Ты мне не нужен. Ты никому не нужен. Потому что ты все портишь.
Нехилые запасы соли внутри у меня во гнили посередине. Гниль печь не может, на то она и гниль, но печет же.
Острой болью соль всасывается и всасывается, и кажется, никогда не растворится.
Надоело! Я все решу, и нормально будет. Даже если ненавидеть друг друга с Алисой станем, вместе будем. Она стопорится, потому что не понимает всего. Потому что… меньше меня хочет, чем я ее.
Но ничего. Этот безухий оборвыш столицу взял, и перед выкрутасами Алисы не остановится.
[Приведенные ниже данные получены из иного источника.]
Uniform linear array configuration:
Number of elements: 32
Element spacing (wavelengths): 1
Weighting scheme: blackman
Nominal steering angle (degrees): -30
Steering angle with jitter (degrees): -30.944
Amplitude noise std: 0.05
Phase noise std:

С утра бухаю еще виски и за руль сажусь. Просплюсь на том свете уже. Чекаю, нормально ли, не поводит ли совсем в стороны. Сойдет.
Оказывается, не утро, а полудень уже.
Муравьи музейные уже что-то перетаскивают в соседнее здание. Военоначальница, в красном сарафане, что-то им командует. Давай, распоряжайся моим имуществом. Женой мне будешь по-любому. Хоть в гробу я буду. Воскресну все равно и ты моей станешь.